# Are GZK and Precise flat rubber the same or similar? (UK user)



## mike160304 (Aug 10, 2018)

I am in the UK. I see that GZK China will ship direct to UK but have not found a similar offer for Precise.

I don't know who makes what.

Any advice on getting good Chinese flat rubber direct into the UK would be much appreciated.

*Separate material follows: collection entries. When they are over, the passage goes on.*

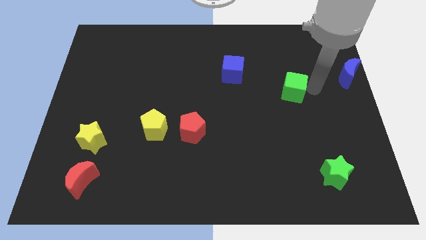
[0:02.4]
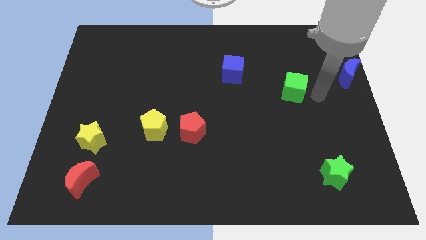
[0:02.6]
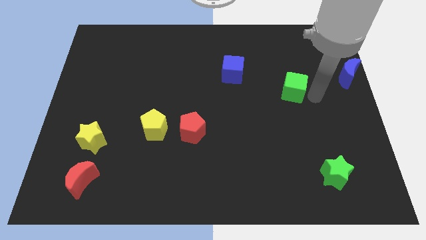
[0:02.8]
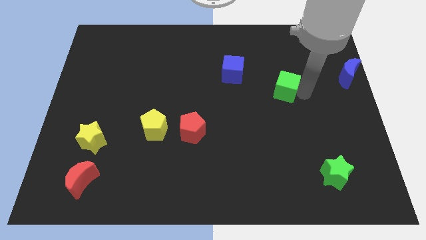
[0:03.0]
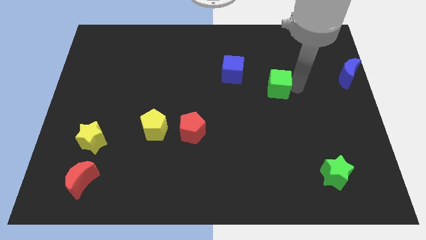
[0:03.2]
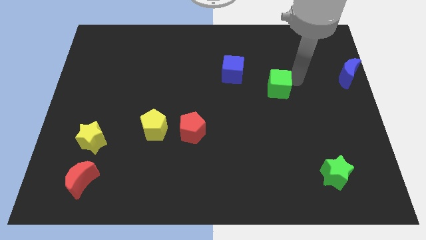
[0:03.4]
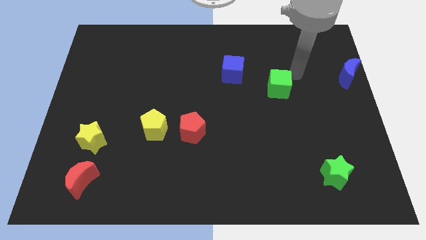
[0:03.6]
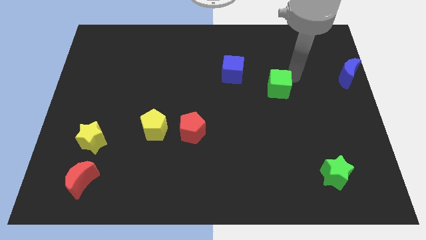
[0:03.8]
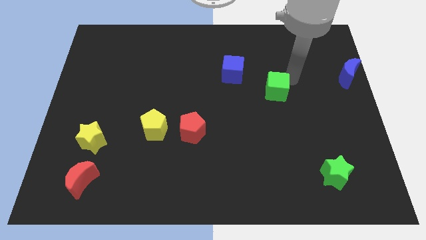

I am only talking about small orders here - a 200 x 15 cm roll would last me a long time.

Mike


----------



## Kalevala (Jul 20, 2014)

https://www.everythingsling.co.uk

GZK seller in UK


----------



## mike160304 (Aug 10, 2018)

Kalevala said:


> https://www.everythingsling.co.uk
> 
> GZK seller in UK


Thanks very much!

Mike


----------



## JPD-Madrid (Apr 2, 2013)

mike160304 said:


> I am in the UK. I see that GZK China will ship direct to UK but have not found a similar offer for Precise.
> 
> I don't know who makes what.
> 
> ...


Next month I will ship directly from Spain to whole Europe to sell any brands except gzk.
You can forget about possility of custom extra charge.

Sent from my EML-L29 using Tapatalk


----------



## mike160304 (Aug 10, 2018)

JPD-Madrid said:


> mike160304 said:
> 
> 
> > I am in the UK. I see that GZK China will ship direct to UK but have not found a similar offer for Precise.
> ...


Thank you, I have made a note of that.

Mike


----------